I get a strange error with Ansible. First of all, the first role works fine but when Ansible tries to execute the seconde one it failed because of ssh error.
Environment:
- OS: CentOS 7
- Ansible version: 2.2.1.0
- Python version: 2.7.5
- OpenSSH version: OpenSSH_6.6.1p1, OpenSSL 1.0.1e-fips 11 Feb 2013
Ansible command which is executed:
ansible-playbook -vvvv -i inventory/dev playbook_update_system.yml --limit "db[0]"
Playbook:
- name: "HUB Playbook | Updating system packages on {{ ansible_hostname }}"
hosts: release_first_half
roles:
- upgrade_system_package
- reboot_server
Role: upgrade_system_package:
- name: "upgrading CentOS system packages on {{ ansible_hostname }}"
shell: sudo puppet apply -e 'exec{"upgrade-package":command => "/usr/bin/yum clean all; /usr/bin/yum -y update;"}'
when: ansible_distribution == 'CentOS' and 'cassandra' not in group_names
Role: reboot_server:
- name: "reboot CentOS [{{ ansible_hostname }}] server"
shell: sudo puppet apply -e 'exec{"reboot-os":command => "/usr/sbin/reboot"}'
when: ansible_distribution == 'CentOS' and 'cassandra' not in group_names
Current behavior:
- Connection to "db1" node and execute role "upgrade system packages" => OK
- Try to connect to "db1" and execute role "reboot_server" => failed due to ssh.

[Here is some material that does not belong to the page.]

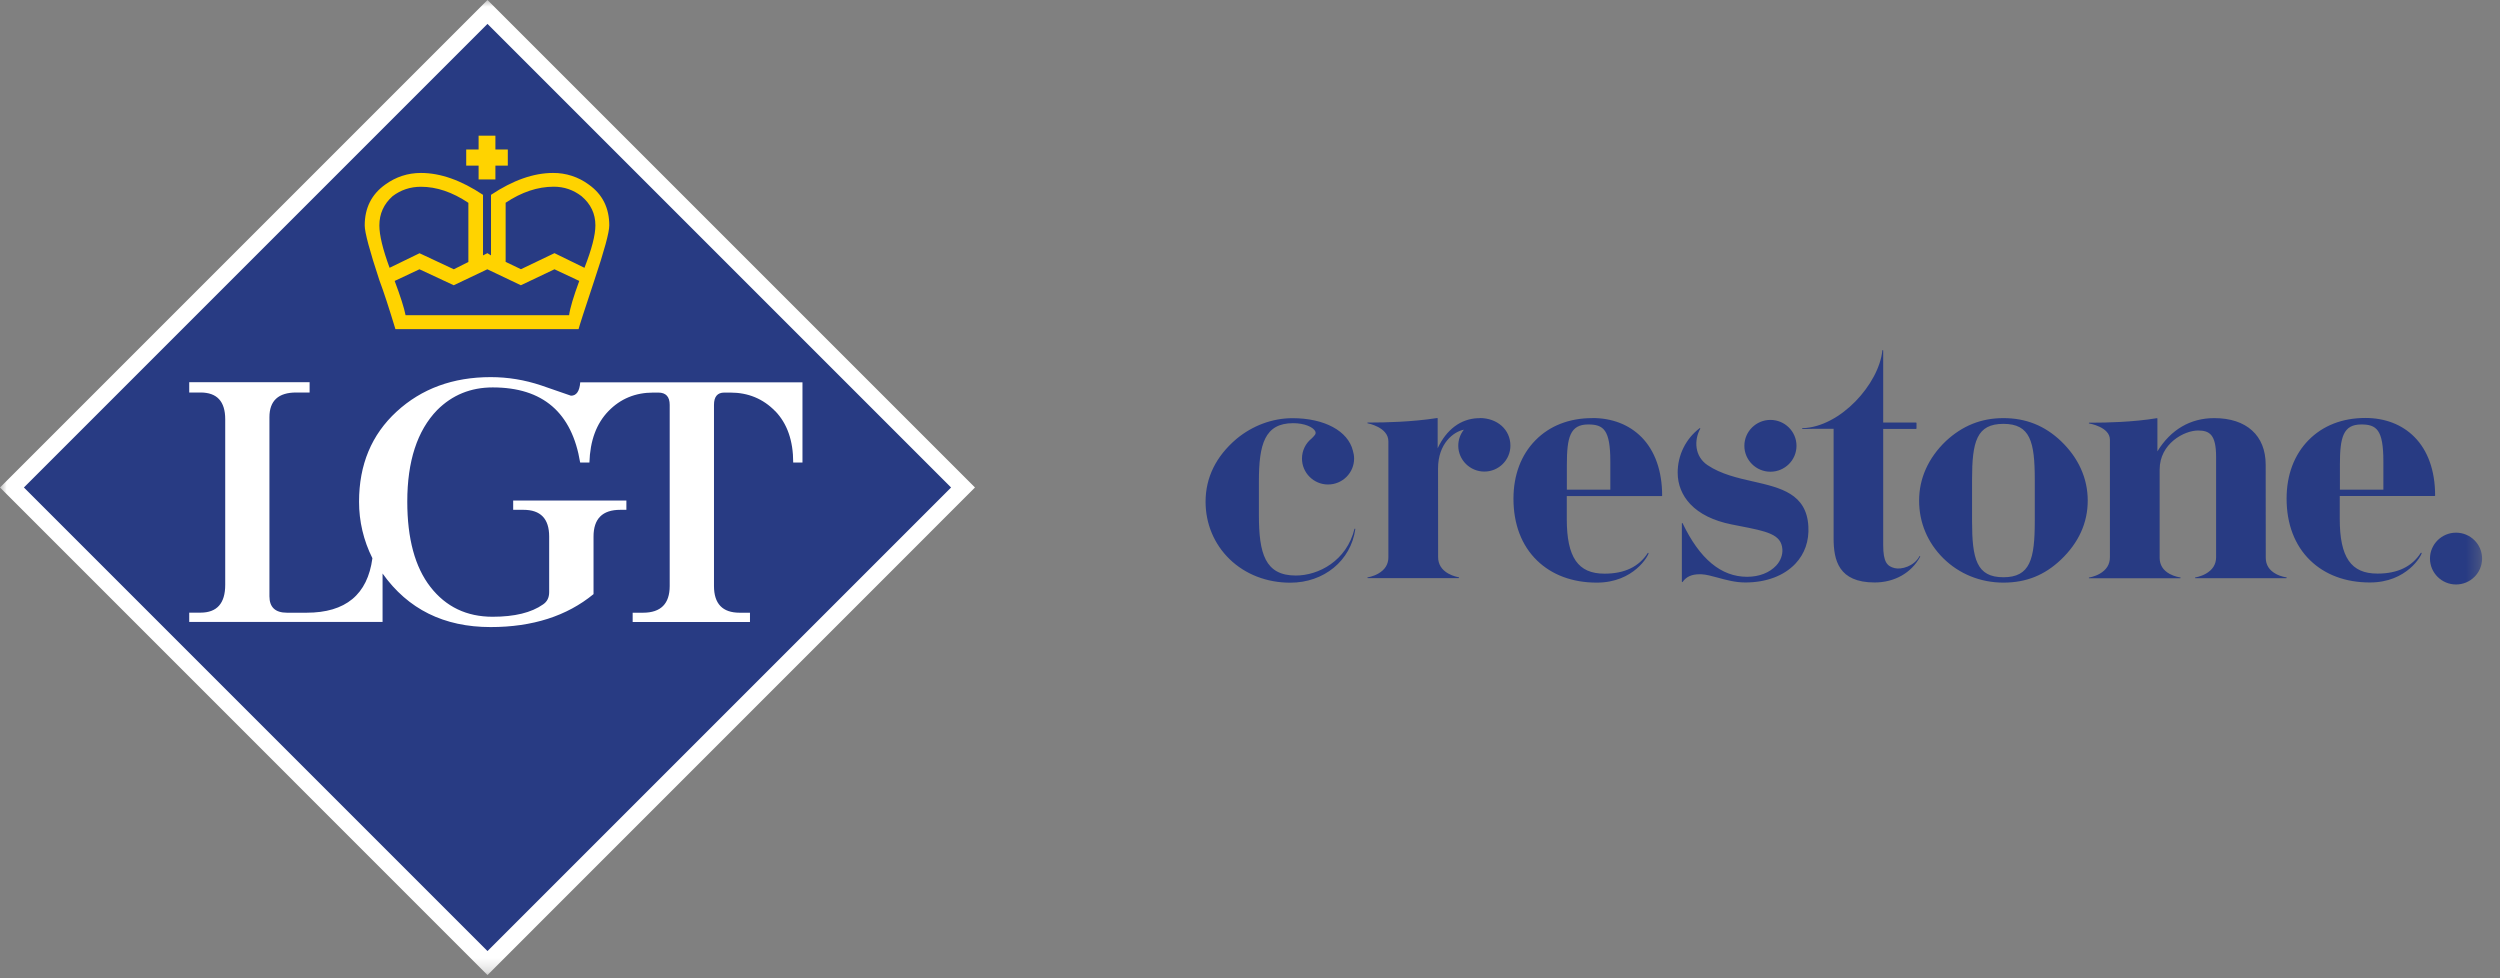 <?xml version="1.0" encoding="UTF-8"?> <svg xmlns="http://www.w3.org/2000/svg" width="184" height="72" viewBox="0 0 184 72" fill="none"><rect x="0" y="0" width="184" height="72" fill="#808080" stroke="none"/><mask id="mask0_624_6294" style="mask-type:luminance" maskUnits="userSpaceOnUse" x="0" y="0" width="183" height="72"><path d="M0 0H182.682V71.764H0V0Z" fill="white"></path></mask><g mask="url(#mask0_624_6294)"><path d="M35.879 0.878L0.878 35.879L35.879 70.88L70.88 35.879L35.879 0.878Z" fill="#283B83"></path><path d="M35.879 71.764L0 35.879L35.879 0L71.758 35.879L35.879 71.764ZM1.759 35.879L35.879 69.999L69.999 35.879L35.879 1.759L1.759 35.879Z" fill="white"></path><path d="M57.05 30.257C56.165 29.35 55.066 28.894 53.758 28.894H53.307C52.802 28.894 52.549 29.196 52.549 29.8V43.129C52.549 44.442 53.181 45.096 54.44 45.096H55.198V45.778H46.564V45.096H47.322C48.636 45.096 49.29 44.437 49.29 43.129V29.8C49.29 29.196 49.009 28.894 48.454 28.894H48.075C46.761 28.894 45.662 29.35 44.783 30.257C43.898 31.169 43.431 32.428 43.381 34.044H42.7C42.095 30.361 39.952 28.514 36.264 28.514C34.648 28.514 33.285 29.069 32.175 30.18C30.707 31.697 29.976 33.945 29.976 36.918C29.976 39.644 30.542 41.738 31.68 43.2C32.818 44.662 34.346 45.393 36.258 45.393C37.874 45.393 39.111 45.091 39.968 44.486C40.27 44.283 40.419 43.986 40.419 43.579V39.49C40.419 38.177 39.787 37.523 38.528 37.523H37.77V36.841H46.102V37.523H45.651C44.338 37.523 43.684 38.182 43.684 39.49V43.728C41.716 45.344 39.188 46.152 36.11 46.152C32.675 46.152 30.026 44.838 28.157 42.211V45.772H13.927V45.091H14.757C15.966 45.091 16.576 44.409 16.576 43.046V30.856C16.576 29.542 15.972 28.888 14.757 28.888H13.927V28.13H22.787V28.888H21.803C20.49 28.888 19.83 29.493 19.83 30.707V43.887C19.83 44.69 20.259 45.096 21.122 45.096H22.562C25.436 45.096 27.052 43.761 27.409 41.084C26.76 39.794 26.423 38.368 26.426 36.923C26.426 34.197 27.349 31.988 29.19 30.295C31.031 28.602 33.34 27.756 36.121 27.756C37.38 27.756 38.616 27.959 39.831 28.366L42.024 29.124C42.425 29.124 42.656 28.795 42.705 28.141H59.062V34.044H58.38C58.38 32.428 57.935 31.169 57.056 30.257" fill="white"></path><path d="M43.337 13.587C42.576 13.023 41.652 12.722 40.705 12.729C39.27 12.729 37.748 13.268 36.138 14.34V18.797L35.874 18.632L35.549 18.797V14.34C33.939 13.268 32.417 12.729 30.982 12.729C30.015 12.729 29.141 13.015 28.349 13.587C27.344 14.307 26.843 15.307 26.843 16.593C26.843 17.099 27.201 18.44 27.921 20.622C28.245 21.479 28.635 22.683 29.102 24.222H42.584C42.623 24.04 43.008 22.848 43.739 20.649C44.475 18.451 44.843 17.099 44.843 16.593C44.843 15.307 44.343 14.301 43.337 13.587ZM27.921 16.593C27.921 15.736 28.245 15.021 28.888 14.444C29.498 13.977 30.196 13.746 30.982 13.746C32.125 13.746 33.291 14.136 34.472 14.928V19.281L33.4 19.819L30.878 18.638L28.674 19.709C28.174 18.352 27.921 17.313 27.921 16.593ZM41.886 23.199H29.85C29.745 22.661 29.476 21.82 29.047 20.677L30.872 19.819L33.395 20.995L35.868 19.819L38.336 20.995L40.809 19.819L42.634 20.677C42.211 21.825 41.958 22.666 41.886 23.199ZM43.013 19.709L40.809 18.632L38.342 19.814L37.215 19.275V14.922C38.391 14.136 39.573 13.741 40.76 13.741C41.513 13.741 42.189 13.971 42.799 14.438C43.48 15.016 43.821 15.725 43.821 16.587C43.821 17.302 43.552 18.341 43.019 19.704L43.013 19.709Z" fill="#FFD300"></path><path d="M36.462 13.207H35.225V12.19H34.313V11.003H35.225V9.986H36.462V11.003H37.374V12.19H36.462V13.207Z" fill="#FFD300"></path><path d="M141.263 40.957C140.862 41.683 139.944 41.935 139.449 41.815C138.888 41.677 138.603 41.369 138.603 40.105V31.57H141.021C141.021 31.57 141.054 31.553 141.054 31.537V31.13C141.054 31.13 141.043 31.097 141.021 31.097H138.603V25.799C138.603 25.799 138.592 25.766 138.575 25.766C138.559 25.766 138.542 25.777 138.542 25.793C138.295 28.239 135.475 31.427 132.667 31.515C132.65 31.515 132.634 31.531 132.634 31.548C132.634 31.564 132.65 31.575 132.667 31.575L133.541 31.559H134.953V39.611C134.953 41.221 135.31 42.87 137.976 42.87C139.438 42.87 140.686 42.161 141.323 40.974C141.334 40.957 141.323 40.941 141.312 40.93C141.296 40.919 141.279 40.93 141.268 40.941M147.452 30.773C145.825 30.773 144.44 31.328 143.214 32.466C141.928 33.697 141.246 35.208 141.246 36.841C141.246 38.473 141.878 39.951 143.027 41.089C144.192 42.243 145.764 42.881 147.452 42.881C149.139 42.881 150.491 42.326 151.689 41.188C152.997 39.935 153.657 38.478 153.657 36.841C153.657 35.203 152.975 33.697 151.689 32.466C150.491 31.328 149.106 30.773 147.452 30.773ZM149.76 38.336C149.76 41.155 149.425 42.485 147.452 42.485C145.478 42.485 145.143 41.155 145.143 38.336V35.318C145.143 32.499 145.478 31.196 147.452 31.196C149.425 31.196 149.76 32.499 149.76 35.318V38.336ZM130.303 34.719C131.359 34.719 132.222 33.867 132.222 32.812C132.222 31.757 131.359 30.905 130.303 30.905C129.248 30.905 128.385 31.762 128.385 32.812C128.385 33.862 129.248 34.719 130.303 34.719ZM180.764 43.018C181.819 43.018 182.682 42.166 182.682 41.111C182.682 40.056 181.819 39.204 180.764 39.204C179.709 39.204 178.846 40.061 178.846 41.111C178.846 42.161 179.709 43.018 180.764 43.018ZM117.184 30.773C115.502 30.773 114.062 31.333 113.012 32.4C111.952 33.477 111.391 34.961 111.391 36.709C111.391 38.577 111.99 40.149 113.122 41.248C114.216 42.315 115.739 42.881 117.514 42.881H117.525C120.267 42.881 121.334 40.869 121.334 40.721C121.334 40.71 121.323 40.693 121.312 40.693C121.295 40.688 121.284 40.693 121.273 40.704C120.63 41.71 119.564 42.221 118.107 42.221H118.08C116.14 42.221 115.315 41.018 115.315 38.198V36.511H122.301C122.301 36.511 122.334 36.5 122.334 36.478C122.334 34.664 121.806 33.175 120.812 32.169C119.899 31.251 118.652 30.767 117.195 30.767L117.184 30.773ZM115.321 34.197C115.321 32.191 115.557 31.24 116.893 31.24C118.019 31.24 118.52 31.63 118.52 33.955V36.038H115.321V34.197Z" fill="#283B83"></path><path d="M129.039 35.439C127.869 35.175 126.66 34.895 125.676 34.235C124.714 33.587 124.675 32.4 125.137 31.553C125.143 31.542 125.137 31.526 125.132 31.515C125.129 31.512 125.126 31.51 125.123 31.509C125.119 31.507 125.116 31.506 125.112 31.506C125.109 31.506 125.105 31.507 125.102 31.509C125.099 31.51 125.096 31.512 125.093 31.515C124.59 31.898 124.182 32.393 123.902 32.96C123.621 33.528 123.476 34.152 123.477 34.785C123.477 35.659 123.796 36.456 124.401 37.099C125.088 37.824 126.104 38.325 127.423 38.594C127.616 38.632 127.803 38.671 127.984 38.704C130.067 39.11 131.106 39.319 131.183 40.424C131.21 40.836 131.051 41.281 130.732 41.622C130.238 42.15 129.479 42.452 128.589 42.452C126.671 42.452 125.099 41.139 123.84 38.511C123.834 38.5 123.818 38.489 123.807 38.495C123.79 38.495 123.785 38.511 123.785 38.528V42.815C123.785 42.815 123.796 42.842 123.807 42.842C123.818 42.842 123.834 42.842 123.84 42.831C124.109 42.447 124.505 42.265 125.088 42.265H125.22C125.577 42.282 125.994 42.397 126.44 42.518C127.039 42.683 127.72 42.87 128.457 42.87C129.99 42.87 131.298 42.381 132.139 41.49C132.826 40.765 133.156 39.819 133.096 38.742C132.964 36.335 131.056 35.901 129.045 35.439M178.203 40.688C178.203 40.688 178.175 40.688 178.164 40.699C177.521 41.705 176.455 42.216 174.998 42.216H174.971C173.031 42.216 172.206 41.012 172.206 38.193V36.505H179.192C179.192 36.505 179.225 36.494 179.225 36.472V36.461C179.225 34.653 178.697 33.164 177.703 32.163C176.79 31.245 175.543 30.762 174.086 30.762C172.404 30.762 170.964 31.322 169.914 32.389C168.854 33.466 168.293 34.95 168.293 36.698C168.293 38.566 168.892 40.138 170.024 41.237C171.118 42.304 172.641 42.87 174.416 42.87H174.427C177.169 42.87 178.236 40.858 178.236 40.71C178.236 40.699 178.225 40.682 178.214 40.682L178.203 40.688ZM172.217 34.197C172.217 32.191 172.454 31.24 173.789 31.24C174.916 31.24 175.416 31.63 175.416 33.955V36.038H172.217V34.197ZM99.728 38.907C99.728 38.907 99.695 38.913 99.69 38.929C99.107 41.287 97.041 42.359 95.37 42.359C93.1 42.359 92.655 40.726 92.655 37.907V35.434C92.655 32.718 93.067 31.146 95.177 31.146C96.029 31.146 96.634 31.438 96.793 31.724C96.843 31.817 96.843 31.905 96.793 31.987C96.738 32.07 96.656 32.152 96.557 32.251L96.535 32.273C96.084 32.636 95.826 33.175 95.826 33.752C95.826 34.801 96.689 35.659 97.744 35.659C98.799 35.659 99.662 34.807 99.662 33.752C99.662 33.554 99.629 33.361 99.574 33.175C99.217 31.718 97.475 30.778 95.128 30.778C93.649 30.778 92.187 31.322 91 32.306C89.494 33.592 88.73 35.148 88.73 36.928C88.73 38.544 89.357 40.045 90.495 41.15C91.649 42.271 93.232 42.886 94.963 42.886C97.447 42.886 99.42 41.265 99.75 38.946C99.75 38.929 99.739 38.913 99.728 38.907ZM168.271 42.491C168.271 42.491 167.886 42.447 167.513 42.243C167.012 41.974 166.76 41.573 166.76 41.051L166.754 34.202C166.754 32.053 165.342 30.773 162.967 30.773C161.209 30.773 159.769 31.619 158.785 33.218V30.806C158.785 30.806 158.785 30.789 158.774 30.784C158.768 30.778 158.757 30.773 158.746 30.778C156.976 31.075 154.91 31.108 154.102 31.108H153.772C153.772 31.108 153.745 31.119 153.739 31.136C153.739 31.152 153.75 31.168 153.767 31.168C153.783 31.168 155.289 31.427 155.289 32.361V41.018C155.289 41.54 155.036 41.947 154.531 42.232C154.151 42.447 153.767 42.502 153.767 42.502C153.75 42.502 153.739 42.518 153.739 42.535C153.739 42.551 153.756 42.562 153.772 42.562H160.461C160.461 42.562 160.494 42.545 160.494 42.529C160.494 42.513 160.483 42.496 160.461 42.496C160.434 42.496 160.065 42.441 159.703 42.249C159.202 41.979 158.95 41.578 158.95 41.056V34.56C158.95 32.647 160.758 31.685 161.775 31.685C162.638 31.685 163.105 31.998 163.105 33.636V41.012C163.105 41.534 162.852 41.941 162.346 42.227C161.967 42.441 161.582 42.496 161.582 42.496C161.566 42.496 161.555 42.513 161.555 42.529C161.555 42.545 161.571 42.556 161.588 42.556H168.271C168.271 42.556 168.304 42.54 168.304 42.529C168.304 42.513 168.293 42.496 168.277 42.496M108.901 30.778H108.786C107.511 30.822 106.461 31.608 105.812 32.993V30.8C105.812 30.8 105.812 30.784 105.801 30.773C105.796 30.773 105.785 30.767 105.774 30.767C103.894 31.064 101.806 31.097 100.998 31.097H100.668C100.668 31.097 100.641 31.108 100.635 31.125C100.635 31.141 100.646 31.157 100.663 31.157C100.679 31.157 102.185 31.443 102.185 32.482V41.007C102.19 41.529 101.938 41.935 101.432 42.221C101.053 42.436 100.668 42.491 100.668 42.491C100.652 42.491 100.641 42.507 100.641 42.524C100.641 42.54 100.657 42.551 100.674 42.551H107.357C107.357 42.551 107.39 42.535 107.39 42.518C107.39 42.502 107.373 42.485 107.357 42.485C107.329 42.48 106.961 42.419 106.598 42.216C106.098 41.935 105.845 41.523 105.845 41.001L105.84 34.483C105.84 32.641 106.978 31.773 107.742 31.625C107.472 31.96 107.329 32.378 107.329 32.801C107.329 33.851 108.192 34.708 109.248 34.708C110.303 34.708 111.166 33.856 111.166 32.801C111.166 31.625 110.209 30.767 108.896 30.767" fill="#283B83"></path></g></svg>

Error message returned by Ansible:
fatal: [db1]: UNREACHABLE! => { "changed": false, "msg": "Failed to connect to the host via ssh: OpenSSH_6.6.1, OpenSSL 1.0.1e-fips 11 Feb 2013\r\ndebug1: Reading configuration data /USR/newtprod/.ssh/config\r\ndebug1: Reading configuration data /etc/ssh/ssh_config\r\ndebug1: /etc/ssh/ssh_config line 56: Applying options for *\r\ndebug1: auto-mux: Trying existing master\r\ndebug2: fd 3 setting O_NONBLOCK\r\ndebug2: mux_client_hello_exchange: master version 4\r\ndebug3: mux_client_forwards: request forwardings: 0 local, 0 remote\r\ndebug3: mux_client_request_session: entering\r\ndebug3: mux_client_request_alive: entering\r\ndebug3: mux_client_request_alive: done pid = 64994\r\ndebug3: mux_client_request_session: session request sent\r\ndebug1: mux_client_request_session: master session id: 2\r\ndebug3: mux_client_read_packet: read header failed: Broken pipe\r\ndebug2: Control master terminated unexpectedly\r\nShared connection to db1 closed.\r\n", "unreachable": true }
I don't understand because the previous role has been executed successfully on this node. Moreover, we have a lot of playbook which are using same inventory file and they works fine. I tried on another node too but same result.
It's a simple and pretty well-known issue: the shutdown process causes SSH daemon to quit and this breaks the current SSH session (you get the "broken pipe" error). The server reboots properly, but Ansible flow gets interrupted.
You need to add a delay to your
shell
command and run it withasync
option, so that Ansible's SSH session can finish before it gets killed.